When the economy prospers and there is prominent inflation, we expect interest rates to rise. This is where it would be better to utilise fixed rates from banks.
When the economy falters, it would be a wiser option to opt for floating rates instead since banks will choose to ease monetary policy and lower interest rates
2.Difference between taking a HDB and Bank Loans
Going for a HDB Loan will enable you to be able to borrow up to 90% of your home value or property price, whichever is lower. Do note that the minimum down payment for this is 10%.
For a bank loan, you can only borrow up to 75% of the property price or value, whichever that is lower. This means that you will require more than 25% of selling price on hand. In this case, using bank loans would lead to larger cash outlays.
We then must assess the different interest rates. HDB loan rates are usually set at 0.1% above prevailing CPF interest rate, which is 2.6%. Since HDB interest rate barely changed these 20 years, many might consider it a fixed rate.
In comparison, interest rates from bank loans are usually more varied since there are a mix of fixed and floating rates. Interest rates from bank loans are typically lower than HDB interest rate. However, it is important to refinance every 2 to 3 years to ensure low interest rates.
The lock-in period of the property loan is the period of time which you are contractually obliged to remain with a lender, as a condition for receiving a promotional rate.

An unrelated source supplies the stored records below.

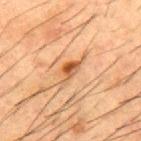{
  "biopsy_status": "not biopsied; imaged during a skin examination",
  "image": {
    "source": "total-body photography crop",
    "field_of_view_mm": 15
  },
  "patient": {
    "sex": "male",
    "age_approx": 50
  },
  "lesion_size": {
    "long_diameter_mm_approx": 4.5
  },
  "site": "back",
  "lighting": "cross-polarized"
}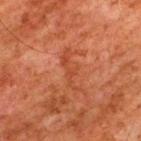The lesion was photographed on a routine skin check and not biopsied; there is no pathology result.
An algorithmic analysis of the crop reported an area of roughly 6 mm² and two-axis asymmetry of about 0.55. And it measured a lesion color around L≈37 a*≈26 b*≈31 in CIELAB, roughly 5 lightness units darker than nearby skin, and a lesion-to-skin contrast of about 5 (normalized; higher = more distinct). It also reported lesion-presence confidence of about 95/100.
A male subject, approximately 80 years of age.
This is a cross-polarized tile.
Located on the upper back.
A close-up tile cropped from a whole-body skin photograph, about 15 mm across.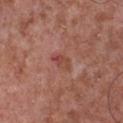Part of a total-body skin-imaging series; this lesion was reviewed on a skin check and was not flagged for biopsy. From the chest. Imaged with white-light lighting. A lesion tile, about 15 mm wide, cut from a 3D total-body photograph. The total-body-photography lesion software estimated a lesion color around L≈46 a*≈26 b*≈26 in CIELAB and a normalized lesion–skin contrast near 6. The software also gave a nevus-likeness score of about 0/100 and a detector confidence of about 100 out of 100 that the crop contains a lesion. The recorded lesion diameter is about 2.5 mm. A male subject approximately 45 years of age.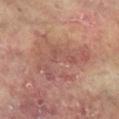Imaged during a routine full-body skin examination; the lesion was not biopsied and no histopathology is available.
The lesion is located on the right arm.
A roughly 15 mm field-of-view crop from a total-body skin photograph.
A female subject in their 80s.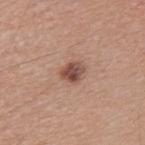Findings:
* workup · no biopsy performed (imaged during a skin exam)
* site · the back
* TBP lesion metrics · a footprint of about 5 mm², a shape eccentricity near 0.6, and a shape-asymmetry score of about 0.25 (0 = symmetric); a border-irregularity rating of about 2/10 and a color-variation rating of about 4.5/10
* patient · male, roughly 40 years of age
* size · ~3 mm (longest diameter)
* tile lighting · white-light illumination
* image source · total-body-photography crop, ~15 mm field of view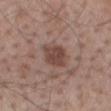Part of a total-body skin-imaging series; this lesion was reviewed on a skin check and was not flagged for biopsy. Located on the mid back. The tile uses white-light illumination. A male subject, about 70 years old. This image is a 15 mm lesion crop taken from a total-body photograph. The recorded lesion diameter is about 3.5 mm. Automated tile analysis of the lesion measured a mean CIELAB color near L≈44 a*≈19 b*≈23, a lesion–skin lightness drop of about 10, and a normalized border contrast of about 8. The analysis additionally found a border-irregularity index near 2/10, internal color variation of about 2.5 on a 0–10 scale, and peripheral color asymmetry of about 1. The analysis additionally found a detector confidence of about 100 out of 100 that the crop contains a lesion.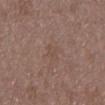Captured during whole-body skin photography for melanoma surveillance; the lesion was not biopsied. The total-body-photography lesion software estimated an area of roughly 2 mm², a shape eccentricity near 0.9, and two-axis asymmetry of about 0.4. This is a white-light tile. A 15 mm crop from a total-body photograph taken for skin-cancer surveillance. The lesion is on the mid back. The subject is a male about 50 years old.

The lock-in period for property loan in Singapore is usually two to five years. During this time, you cannot redeem or refinance your loan – if you do, you will need to pay a penalty fee of roughly 1.5% of the remaining loan outstanding. This can be costly when you are looking at the absolute amount.

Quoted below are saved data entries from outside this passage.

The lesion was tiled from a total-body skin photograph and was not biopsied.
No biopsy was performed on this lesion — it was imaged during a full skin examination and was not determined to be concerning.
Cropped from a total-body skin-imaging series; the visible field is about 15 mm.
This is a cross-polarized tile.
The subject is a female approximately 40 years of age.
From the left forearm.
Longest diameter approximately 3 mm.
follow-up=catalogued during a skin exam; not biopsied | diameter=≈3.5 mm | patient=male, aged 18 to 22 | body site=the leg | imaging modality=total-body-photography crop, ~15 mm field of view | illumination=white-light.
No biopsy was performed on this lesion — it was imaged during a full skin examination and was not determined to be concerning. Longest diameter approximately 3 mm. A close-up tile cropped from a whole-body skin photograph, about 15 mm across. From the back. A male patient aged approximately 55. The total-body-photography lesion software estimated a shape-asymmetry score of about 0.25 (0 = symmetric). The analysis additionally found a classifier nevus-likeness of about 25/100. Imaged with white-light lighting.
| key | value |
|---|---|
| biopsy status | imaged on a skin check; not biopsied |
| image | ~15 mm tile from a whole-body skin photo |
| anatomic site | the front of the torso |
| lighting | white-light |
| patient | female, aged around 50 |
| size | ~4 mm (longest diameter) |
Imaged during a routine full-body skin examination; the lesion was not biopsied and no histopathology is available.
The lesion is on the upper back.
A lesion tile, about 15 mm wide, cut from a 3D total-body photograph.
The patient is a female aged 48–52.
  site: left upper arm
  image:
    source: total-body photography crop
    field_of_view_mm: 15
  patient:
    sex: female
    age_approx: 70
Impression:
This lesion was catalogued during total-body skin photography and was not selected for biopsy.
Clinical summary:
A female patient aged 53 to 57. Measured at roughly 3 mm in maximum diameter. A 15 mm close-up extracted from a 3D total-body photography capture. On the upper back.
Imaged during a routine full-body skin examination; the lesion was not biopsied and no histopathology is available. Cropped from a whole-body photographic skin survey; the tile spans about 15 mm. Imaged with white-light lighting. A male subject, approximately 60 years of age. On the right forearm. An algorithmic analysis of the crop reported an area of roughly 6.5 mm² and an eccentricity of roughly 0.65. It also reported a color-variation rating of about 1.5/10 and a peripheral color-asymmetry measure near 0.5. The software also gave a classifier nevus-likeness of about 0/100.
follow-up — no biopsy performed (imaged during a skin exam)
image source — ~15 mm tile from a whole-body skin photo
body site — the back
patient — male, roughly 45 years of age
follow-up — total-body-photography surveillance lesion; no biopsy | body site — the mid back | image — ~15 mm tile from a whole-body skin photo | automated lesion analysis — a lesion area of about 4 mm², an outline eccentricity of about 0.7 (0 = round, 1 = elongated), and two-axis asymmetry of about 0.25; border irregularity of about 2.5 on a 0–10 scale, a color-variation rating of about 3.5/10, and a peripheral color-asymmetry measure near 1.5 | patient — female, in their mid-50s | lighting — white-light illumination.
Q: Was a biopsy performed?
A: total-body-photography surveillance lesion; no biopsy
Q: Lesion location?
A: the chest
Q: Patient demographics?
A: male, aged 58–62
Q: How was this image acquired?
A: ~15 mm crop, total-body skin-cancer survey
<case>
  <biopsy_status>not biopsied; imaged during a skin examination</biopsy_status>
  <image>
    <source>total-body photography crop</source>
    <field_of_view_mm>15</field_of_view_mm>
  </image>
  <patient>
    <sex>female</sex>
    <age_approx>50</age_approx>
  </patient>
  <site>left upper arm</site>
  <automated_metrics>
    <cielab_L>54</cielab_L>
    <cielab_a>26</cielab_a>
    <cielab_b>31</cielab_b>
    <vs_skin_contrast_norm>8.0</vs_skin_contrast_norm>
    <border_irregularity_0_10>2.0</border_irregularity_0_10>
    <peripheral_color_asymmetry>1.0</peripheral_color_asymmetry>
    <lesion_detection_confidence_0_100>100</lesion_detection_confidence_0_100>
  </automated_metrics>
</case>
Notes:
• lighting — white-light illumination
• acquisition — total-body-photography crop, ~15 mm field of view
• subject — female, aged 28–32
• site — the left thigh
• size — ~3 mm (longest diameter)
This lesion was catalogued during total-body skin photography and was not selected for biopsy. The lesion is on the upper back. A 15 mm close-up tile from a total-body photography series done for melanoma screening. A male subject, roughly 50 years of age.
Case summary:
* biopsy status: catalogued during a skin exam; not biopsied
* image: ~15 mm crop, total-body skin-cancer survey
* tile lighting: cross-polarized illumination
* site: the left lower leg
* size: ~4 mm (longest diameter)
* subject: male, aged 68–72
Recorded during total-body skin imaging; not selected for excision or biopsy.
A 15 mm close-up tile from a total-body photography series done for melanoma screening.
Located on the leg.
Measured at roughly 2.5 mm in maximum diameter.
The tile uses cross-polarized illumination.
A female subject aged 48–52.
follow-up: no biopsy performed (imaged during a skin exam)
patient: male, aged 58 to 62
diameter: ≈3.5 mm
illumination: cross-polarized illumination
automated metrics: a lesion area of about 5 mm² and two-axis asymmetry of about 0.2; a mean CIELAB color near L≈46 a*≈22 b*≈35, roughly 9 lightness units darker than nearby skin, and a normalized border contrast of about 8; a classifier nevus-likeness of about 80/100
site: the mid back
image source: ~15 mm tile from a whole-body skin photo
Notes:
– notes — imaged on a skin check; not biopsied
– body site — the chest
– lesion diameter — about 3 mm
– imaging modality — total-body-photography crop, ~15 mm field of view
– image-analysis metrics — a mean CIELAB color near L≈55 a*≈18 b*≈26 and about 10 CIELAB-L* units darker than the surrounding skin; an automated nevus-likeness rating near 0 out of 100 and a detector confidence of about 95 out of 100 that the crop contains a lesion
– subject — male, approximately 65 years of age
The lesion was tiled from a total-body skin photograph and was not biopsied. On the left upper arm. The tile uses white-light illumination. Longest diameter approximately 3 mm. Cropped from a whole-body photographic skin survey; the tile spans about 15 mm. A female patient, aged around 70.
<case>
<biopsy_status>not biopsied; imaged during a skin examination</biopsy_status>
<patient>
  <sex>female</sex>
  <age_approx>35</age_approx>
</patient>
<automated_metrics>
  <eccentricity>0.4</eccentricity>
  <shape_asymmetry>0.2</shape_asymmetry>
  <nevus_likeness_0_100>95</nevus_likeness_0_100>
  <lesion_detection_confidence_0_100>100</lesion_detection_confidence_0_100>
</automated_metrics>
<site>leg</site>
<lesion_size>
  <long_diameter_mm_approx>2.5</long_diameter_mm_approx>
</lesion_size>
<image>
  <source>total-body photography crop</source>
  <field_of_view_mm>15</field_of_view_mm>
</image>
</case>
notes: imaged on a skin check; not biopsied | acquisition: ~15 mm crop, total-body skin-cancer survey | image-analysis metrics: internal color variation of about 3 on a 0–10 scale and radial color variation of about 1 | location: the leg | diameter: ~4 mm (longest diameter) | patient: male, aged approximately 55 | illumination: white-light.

However, there are some bank packages which waive penalty costs if you sell your property. The contract will be indicated as ‘waiver due to sales. For those bank packages, they will not charge you the 1.5% penalty if you are able to proof to the bank that you have a sales and purchase agreement/ option to purchases exercised.

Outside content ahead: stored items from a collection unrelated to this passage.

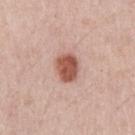Q: Was a biopsy performed?
A: total-body-photography surveillance lesion; no biopsy
Q: How was the tile lit?
A: white-light
Q: What kind of image is this?
A: 15 mm crop, total-body photography
Q: What are the patient's age and sex?
A: male, in their 60s
Q: Where on the body is the lesion?
A: the right upper arm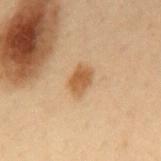Assessment: Imaged during a routine full-body skin examination; the lesion was not biopsied and no histopathology is available. Background: A male subject, aged approximately 55. The tile uses cross-polarized illumination. A region of skin cropped from a whole-body photographic capture, roughly 15 mm wide. The lesion is on the mid back. Longest diameter approximately 3 mm.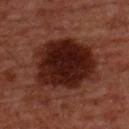{
  "biopsy_status": "not biopsied; imaged during a skin examination",
  "image": {
    "source": "total-body photography crop",
    "field_of_view_mm": 15
  },
  "patient": {
    "sex": "male",
    "age_approx": 60
  },
  "site": "chest"
}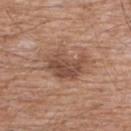No biopsy was performed on this lesion — it was imaged during a full skin examination and was not determined to be concerning. An algorithmic analysis of the crop reported an outline eccentricity of about 0.75 (0 = round, 1 = elongated). And it measured a border-irregularity rating of about 4.5/10, internal color variation of about 4 on a 0–10 scale, and a peripheral color-asymmetry measure near 1.5. And it measured an automated nevus-likeness rating near 35 out of 100 and lesion-presence confidence of about 100/100. The lesion's longest dimension is about 5 mm. A 15 mm close-up tile from a total-body photography series done for melanoma screening. The tile uses white-light illumination. A male subject roughly 60 years of age. From the chest.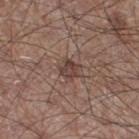  biopsy_status: not biopsied; imaged during a skin examination
  patient:
    sex: male
    age_approx: 60
  lighting: white-light
  site: right thigh
  image:
    source: total-body photography crop
    field_of_view_mm: 15
  lesion_size:
    long_diameter_mm_approx: 3.0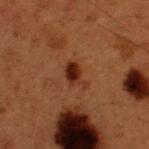Q: Was a biopsy performed?
A: total-body-photography surveillance lesion; no biopsy
Q: What lighting was used for the tile?
A: cross-polarized
Q: Patient demographics?
A: male, about 50 years old
Q: What is the anatomic site?
A: the upper back
Q: What kind of image is this?
A: ~15 mm crop, total-body skin-cancer survey
Q: What is the lesion's diameter?
A: ≈3.5 mm
Q: What did automated image analysis measure?
A: an eccentricity of roughly 0.75 and two-axis asymmetry of about 0.3; a mean CIELAB color near L≈23 a*≈20 b*≈26, roughly 9 lightness units darker than nearby skin, and a lesion-to-skin contrast of about 10 (normalized; higher = more distinct); border irregularity of about 3 on a 0–10 scale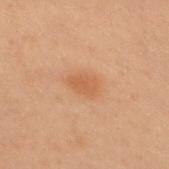Clinical impression: No biopsy was performed on this lesion — it was imaged during a full skin examination and was not determined to be concerning. Context: A lesion tile, about 15 mm wide, cut from a 3D total-body photograph. A male patient, aged 53 to 57. From the right upper arm.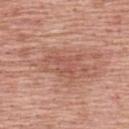The lesion is located on the back. The subject is a male in their 60s. A close-up tile cropped from a whole-body skin photograph, about 15 mm across. The tile uses white-light illumination.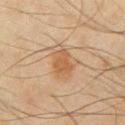Q: Is there a histopathology result?
A: total-body-photography surveillance lesion; no biopsy
Q: What did automated image analysis measure?
A: an eccentricity of roughly 0.7 and two-axis asymmetry of about 0.25
Q: What is the anatomic site?
A: the chest
Q: What is the lesion's diameter?
A: ≈3 mm
Q: What are the patient's age and sex?
A: male, about 45 years old
Q: How was this image acquired?
A: ~15 mm tile from a whole-body skin photo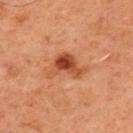Findings:
– biopsy status — total-body-photography surveillance lesion; no biopsy
– size — ≈4.5 mm
– illumination — cross-polarized illumination
– subject — male, aged 58 to 62
– image source — ~15 mm crop, total-body skin-cancer survey
– anatomic site — the left upper arm
– automated lesion analysis — a border-irregularity rating of about 6/10; a classifier nevus-likeness of about 80/100 and a detector confidence of about 100 out of 100 that the crop contains a lesion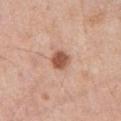biopsy_status: not biopsied; imaged during a skin examination
lighting: white-light
automated_metrics:
  cielab_L: 55
  cielab_a: 23
  cielab_b: 31
  nevus_likeness_0_100: 95
  lesion_detection_confidence_0_100: 100
image:
  source: total-body photography crop
  field_of_view_mm: 15
patient:
  sex: male
  age_approx: 70
lesion_size:
  long_diameter_mm_approx: 2.5
site: abdomen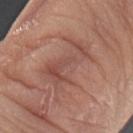Part of a total-body skin-imaging series; this lesion was reviewed on a skin check and was not flagged for biopsy. A female subject, roughly 65 years of age. From the left forearm. A 15 mm close-up extracted from a 3D total-body photography capture.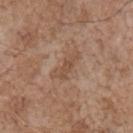Part of a total-body skin-imaging series; this lesion was reviewed on a skin check and was not flagged for biopsy. About 4 mm across. Located on the right upper arm. A 15 mm close-up extracted from a 3D total-body photography capture. A male subject, roughly 70 years of age.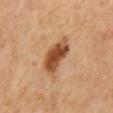The lesion was photographed on a routine skin check and not biopsied; there is no pathology result. The patient is a male about 60 years old. This is a cross-polarized tile. A 15 mm crop from a total-body photograph taken for skin-cancer surveillance. The recorded lesion diameter is about 4.5 mm. Located on the mid back. An algorithmic analysis of the crop reported a lesion color around L≈47 a*≈23 b*≈35 in CIELAB, a lesion–skin lightness drop of about 15, and a normalized lesion–skin contrast near 11. It also reported border irregularity of about 2.5 on a 0–10 scale, a within-lesion color-variation index near 5/10, and radial color variation of about 1.5. It also reported lesion-presence confidence of about 100/100.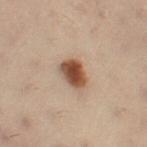No biopsy was performed on this lesion — it was imaged during a full skin examination and was not determined to be concerning.
The patient is a female roughly 50 years of age.
The lesion's longest dimension is about 3 mm.
The lesion-visualizer software estimated border irregularity of about 1.5 on a 0–10 scale, internal color variation of about 5.5 on a 0–10 scale, and peripheral color asymmetry of about 1.5.
A 15 mm crop from a total-body photograph taken for skin-cancer surveillance.
The lesion is on the left thigh.
Imaged with cross-polarized lighting.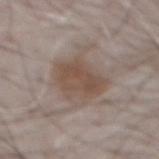Assessment: Imaged during a routine full-body skin examination; the lesion was not biopsied and no histopathology is available. Image and clinical context: A 15 mm crop from a total-body photograph taken for skin-cancer surveillance. From the abdomen. The subject is a male aged around 70. The total-body-photography lesion software estimated a shape eccentricity near 0.6 and two-axis asymmetry of about 0.25. And it measured roughly 9 lightness units darker than nearby skin and a lesion-to-skin contrast of about 7.5 (normalized; higher = more distinct). It also reported a border-irregularity index near 4/10, internal color variation of about 4 on a 0–10 scale, and a peripheral color-asymmetry measure near 1. And it measured lesion-presence confidence of about 100/100.

4.Loan amount and duration
In Singapore, banks typically give a loan of maximum 75% for buyers owning 1 property.
However, if they look at your credit standing and decide that your status disqualify for maximum loan, the actual amount of loan that could be obtained could be much lower.
All you must do is to determine your total debt servicing ratio (TDSR). Banks will refer to your debt servicing ratio of 60% as their maximum ceiling. Adding all your current debt payments and then dividing it by the salary and wages per month; this is how they tabulate this ratio.
The maximum loan duration you can get is correlated to the age of the borrower.
In Singapore, the maximum mortgage tenure allowed depends on the type of property you would like to purchase. According to the Monetary Authority of Singapore (MAS), the allowable home loan tenure can go up to 30 years for HDB flats and 35 years for private properties.
In practice, however, a realistic tenure may be less. For example, if you are purchasing an HDB flat, your mortgage tenure is likely to be capped at 25 years if you take a 75% Loan-to-Value (LTV) loan.